Theorem 7.5 provides only a sufficient condition for almost sure convergence. In particular, if we obtain \begin{align}%\label{} \sum_{n=1}^{\infty} P\big(|X_n-X| > \epsilon \big) = \infty, \end{align} then we still don't know whether the $X_n$'s converge to $X$ almost surely or not.

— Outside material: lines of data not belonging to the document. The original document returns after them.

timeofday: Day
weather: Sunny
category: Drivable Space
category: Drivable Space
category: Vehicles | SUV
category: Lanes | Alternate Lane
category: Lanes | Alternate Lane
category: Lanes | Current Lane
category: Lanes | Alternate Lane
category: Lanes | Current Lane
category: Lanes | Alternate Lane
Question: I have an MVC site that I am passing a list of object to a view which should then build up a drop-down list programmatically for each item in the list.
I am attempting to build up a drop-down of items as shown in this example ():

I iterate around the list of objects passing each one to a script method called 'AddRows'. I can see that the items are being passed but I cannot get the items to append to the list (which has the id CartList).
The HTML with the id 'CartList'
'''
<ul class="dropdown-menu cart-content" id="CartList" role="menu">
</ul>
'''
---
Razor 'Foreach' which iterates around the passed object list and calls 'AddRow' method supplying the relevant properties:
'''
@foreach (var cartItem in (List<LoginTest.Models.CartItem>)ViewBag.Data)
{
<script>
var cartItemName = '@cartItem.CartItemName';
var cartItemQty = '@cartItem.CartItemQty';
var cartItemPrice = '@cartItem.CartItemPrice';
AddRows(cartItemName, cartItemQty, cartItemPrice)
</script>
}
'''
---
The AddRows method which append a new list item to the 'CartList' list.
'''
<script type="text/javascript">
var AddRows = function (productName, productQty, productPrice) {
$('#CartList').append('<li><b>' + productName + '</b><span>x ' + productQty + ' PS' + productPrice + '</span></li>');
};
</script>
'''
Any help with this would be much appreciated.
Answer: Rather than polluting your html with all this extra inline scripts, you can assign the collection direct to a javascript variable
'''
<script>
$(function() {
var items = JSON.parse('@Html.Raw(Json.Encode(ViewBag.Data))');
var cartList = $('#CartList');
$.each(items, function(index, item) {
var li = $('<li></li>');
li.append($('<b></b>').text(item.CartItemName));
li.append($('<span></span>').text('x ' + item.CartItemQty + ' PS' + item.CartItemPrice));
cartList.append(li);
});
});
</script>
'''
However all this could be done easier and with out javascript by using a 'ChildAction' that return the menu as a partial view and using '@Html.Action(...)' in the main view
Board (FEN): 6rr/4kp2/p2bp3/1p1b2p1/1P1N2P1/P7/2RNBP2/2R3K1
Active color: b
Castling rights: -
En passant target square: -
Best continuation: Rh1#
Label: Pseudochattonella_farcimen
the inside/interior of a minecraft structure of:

Here, we provide a condition that is both necessary and sufficient.

Theorem

Consider the sequence $X_1$, $X_2$, $X_3$, $\cdots$. For any $\epsilon>0$, define the set of events \begin{align}%\label{} A_m=\{|X_n-X|< \epsilon, \qquad \textrm{for all }n \geq m \}. \end{align} Then $ X_n \ \xrightarrow{a.s.}\ X$ if and only if for any $\epsilon>0$, we have \begin{align}%\label{eq:union-bound} \lim_{m\rightarrow \infty} P(A_m) =1. \end{align}



Example

Let $X_1$, $X_2$, $X_3$, $\cdots$ be independent random variables, where $X_n \sim Bernoulli\left(\frac{1}{n} \right)$ for $n=2,3, \cdots$. The goal here is to check whether $ X_n \ \xrightarrow{a.s.}\ 0$.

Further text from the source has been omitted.